■ Work instruction
For the records that follow, restate each one word for word and leave the images behind.

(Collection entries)
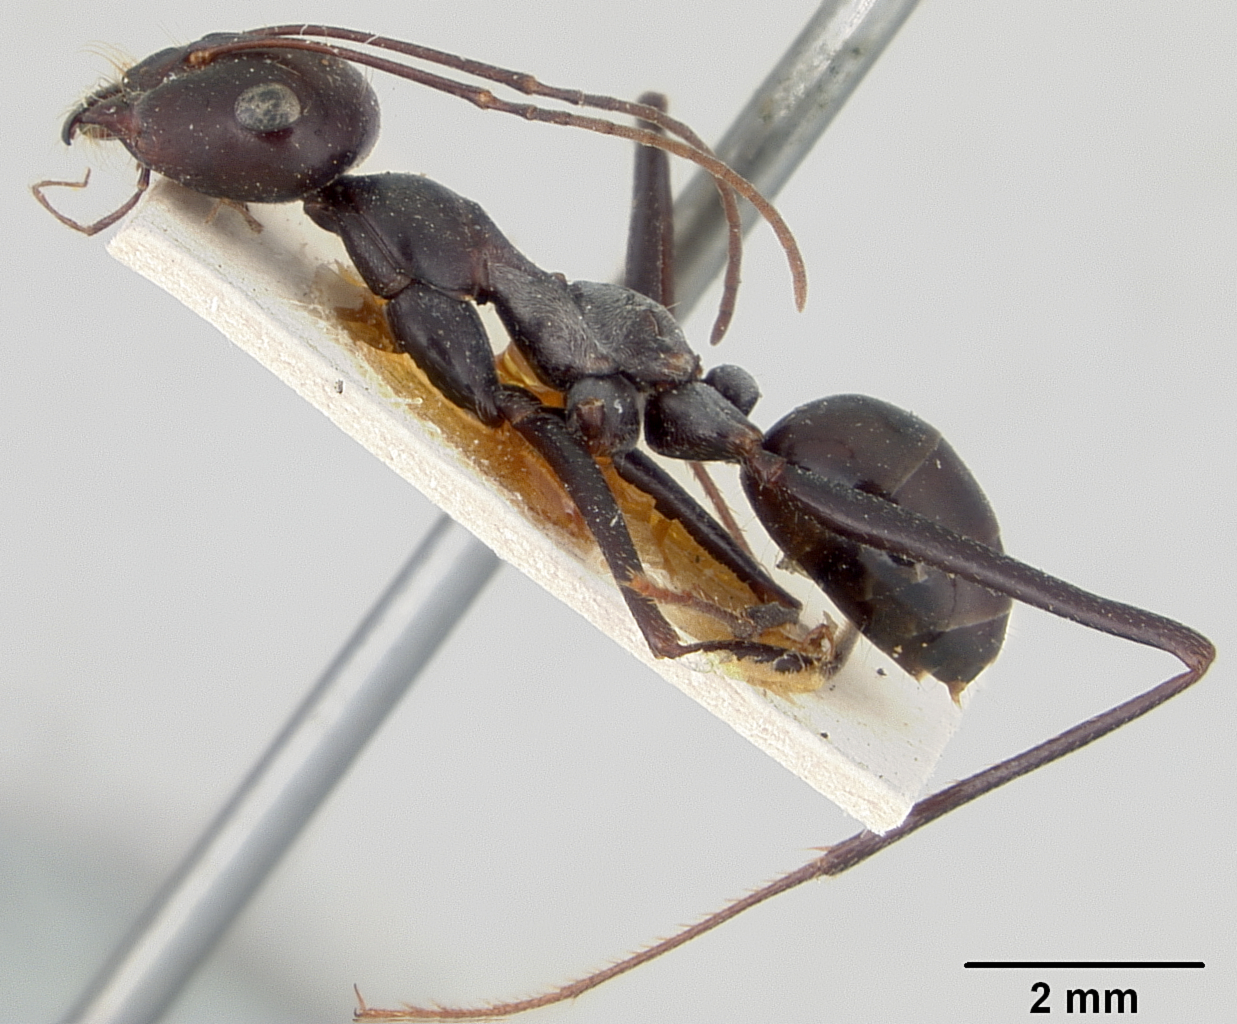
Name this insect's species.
Cataglyphis bicolor
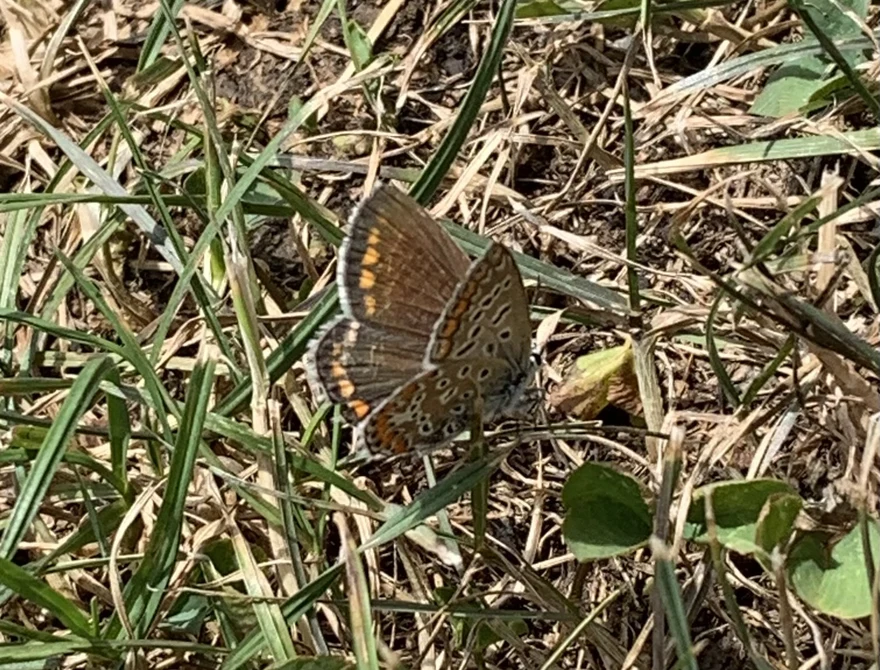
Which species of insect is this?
Polyommatus icarus
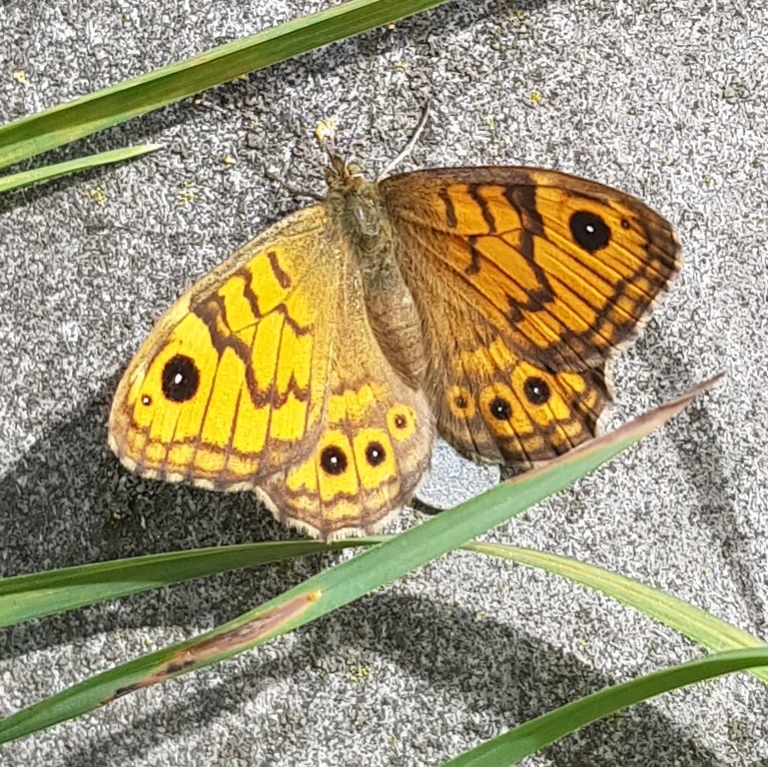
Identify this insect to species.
Lasiommata megera (also Pararge megera)
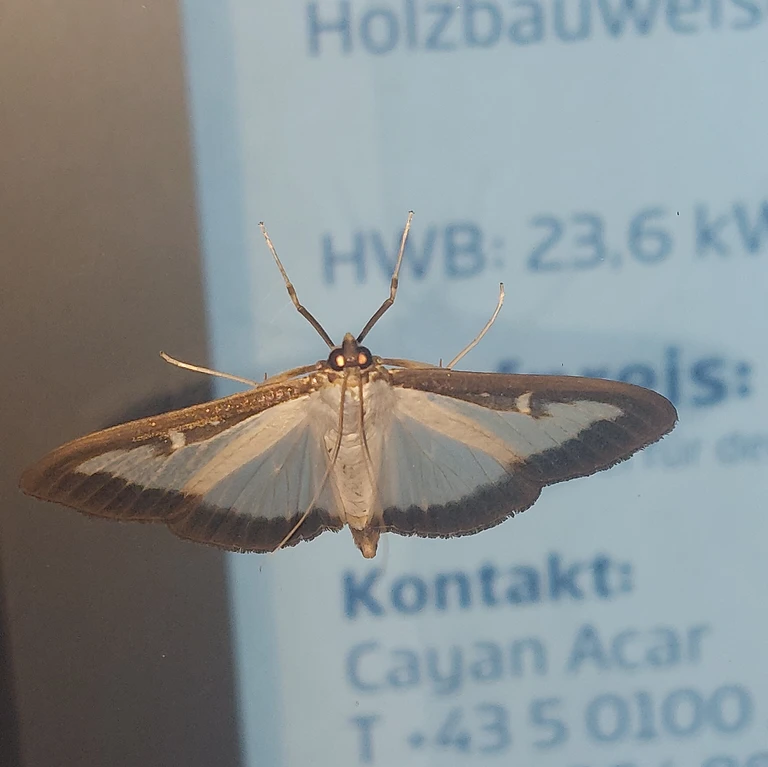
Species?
Cydalima perspectalis
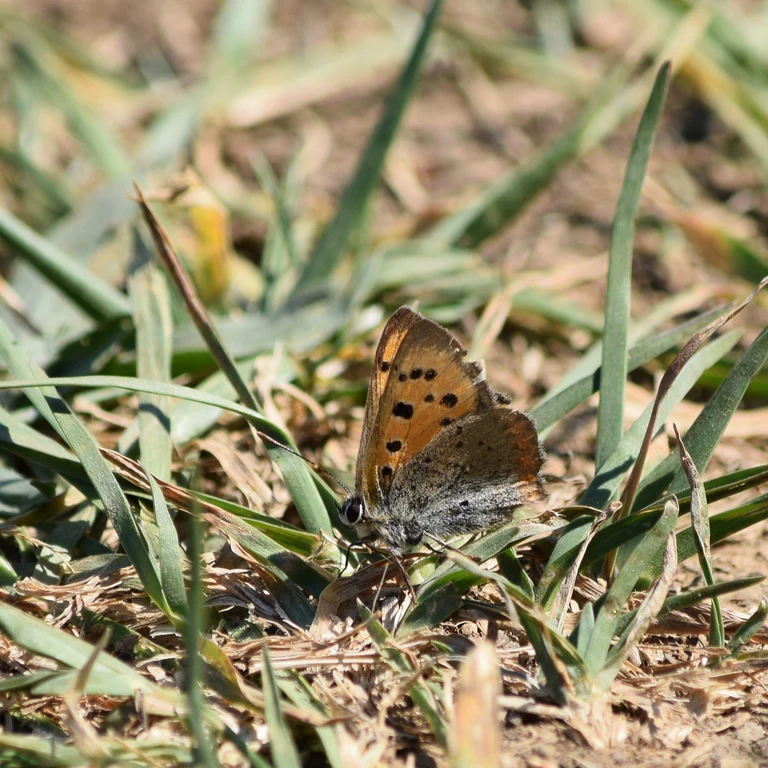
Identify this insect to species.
Lycaena phlaeas
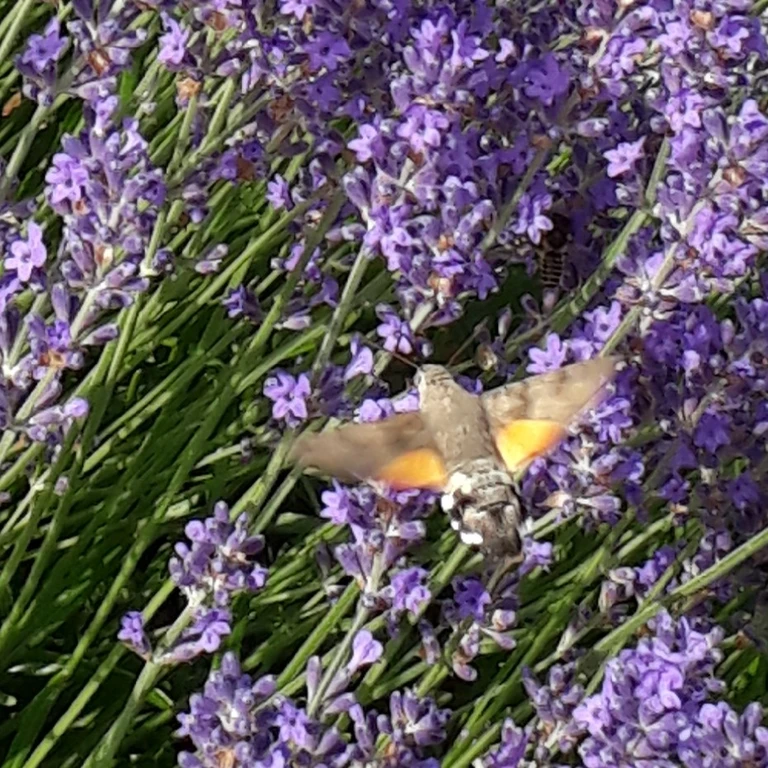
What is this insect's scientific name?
Macroglossum stellatarum
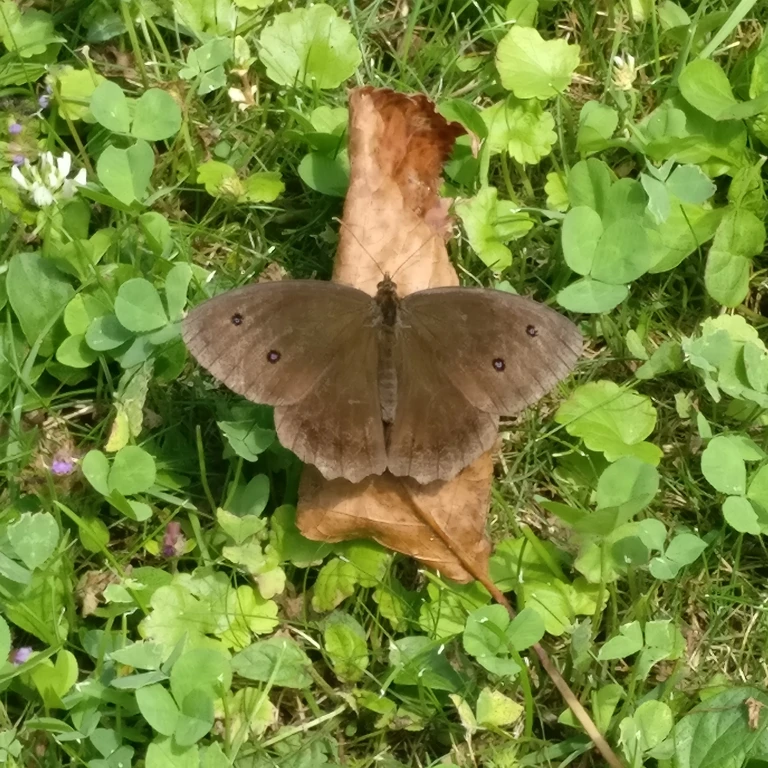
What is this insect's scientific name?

■ Response
Name this insect's species.
Cataglyphis bicolor
Which species of insect is this?
Polyommatus icarus
Identify this insect to species.
Lasiommata megera (also Pararge megera)
Species?
Cydalima perspectalis
Identify this insect to species.
Lycaena phlaeas
What is this insect's scientific name?
Macroglossum stellatarum
What is this insect's scientific name?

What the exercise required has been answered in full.